00:07Bonsoir Gabrielle Cluzel et Lou Fritelle, journaliste politique à Paris Match également.
00:13Bonsoir Lou Fritelle.
00:14Bonsoir.
00:15Est-ce que vous voulez qu'on réécoute les mots de Jean-Luc Mélenchon ?
00:17Franchement, c'était il y a quelques minutes, il est en train de prononcer un discours à la Fête de l'Humanité.
00:21Ses premiers mots sont pour la Palestine.
00:24Je voudrais qu'on réécoute Jean-Luc Mélenchon.
00:26C'était il y a quelques instants.
00:28Je dédie notre rassemblement aux martyrs du peuple palestinien.
00:36Un an bientôt et les puissants ont laissé faire un génocide ininterrompu.

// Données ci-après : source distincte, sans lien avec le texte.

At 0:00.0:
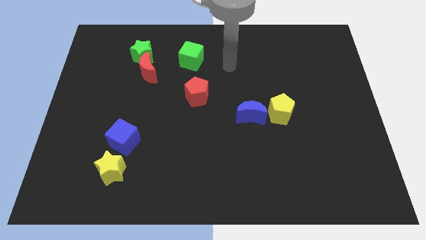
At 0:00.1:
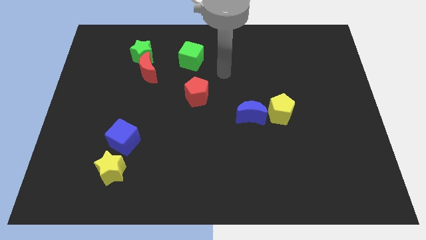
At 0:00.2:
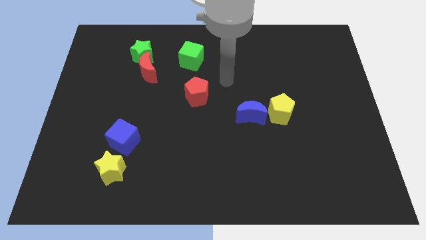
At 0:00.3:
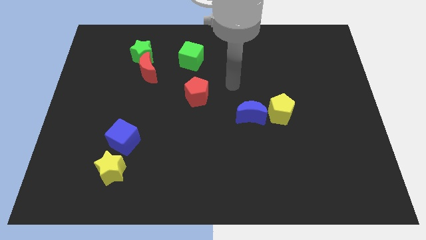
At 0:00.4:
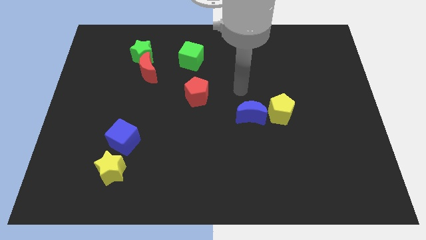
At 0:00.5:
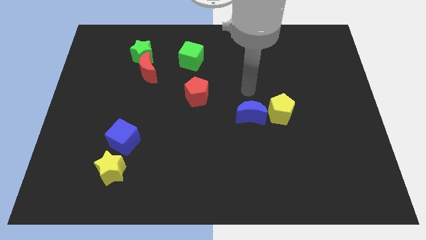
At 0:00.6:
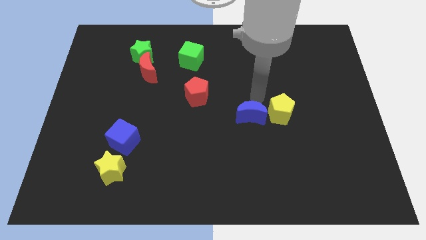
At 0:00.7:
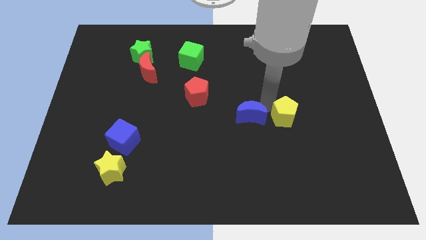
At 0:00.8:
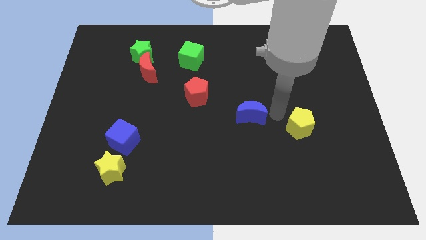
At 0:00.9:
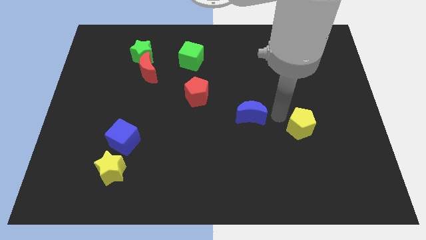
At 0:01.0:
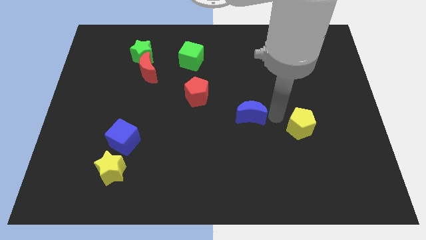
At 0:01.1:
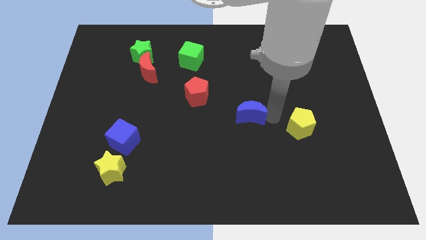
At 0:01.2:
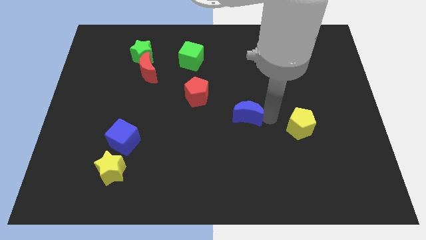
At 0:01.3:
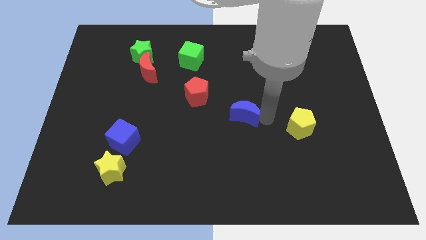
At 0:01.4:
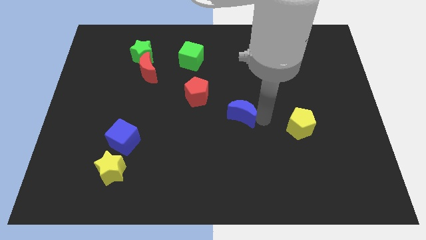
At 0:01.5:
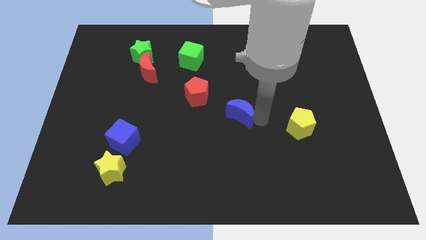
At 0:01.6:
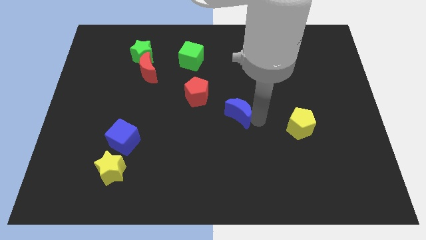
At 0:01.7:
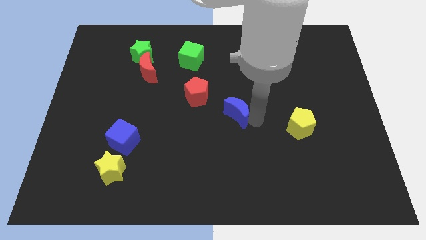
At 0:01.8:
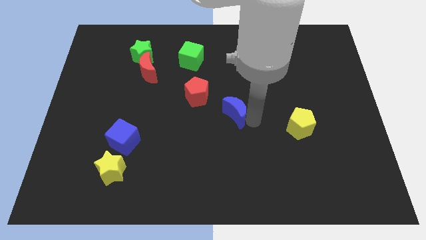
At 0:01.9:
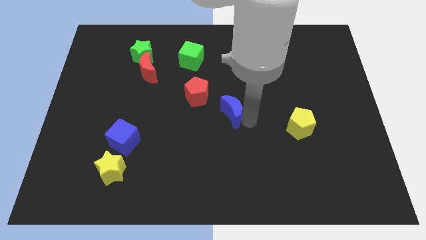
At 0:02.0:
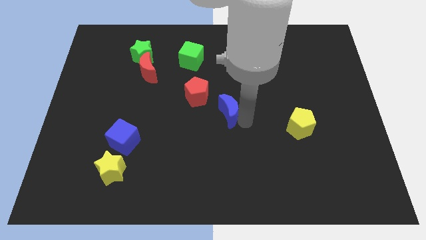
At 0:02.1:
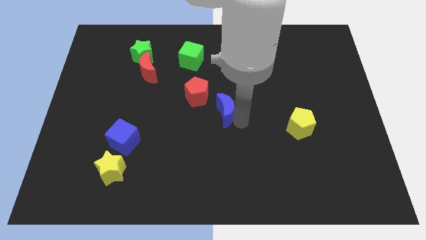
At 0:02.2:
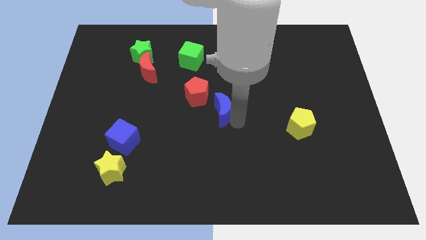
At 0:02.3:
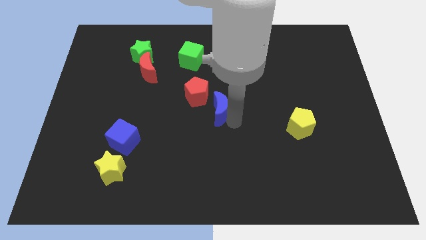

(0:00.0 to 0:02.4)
slide the blue moon somewhat to the left

00:43Ils ont oublié la leçon, ils ont oublié Guernica parce qu'ils le font eux-mêmes actuellement.
00:51J'ai honte quand je pense que mon pays si puissant, son peuple toujours tellement prêt à se porter à la rescousse des grandes causes,
01:01ne fait rien pendant que le massacre continue.
01:05Alors, c'est quand même incroyable.
01:09On est à la Fête de l'Humanité.
01:11Pardon mais la gauche est un peu divisée.
01:13Pardon il y a quelques frictions entre Jean-Luc Mélenchon et François Ruffin.
01:17Pardon la France va mal.
01:19Les premiers mots de Jean-Luc Mélenchon vont pour la Palestine.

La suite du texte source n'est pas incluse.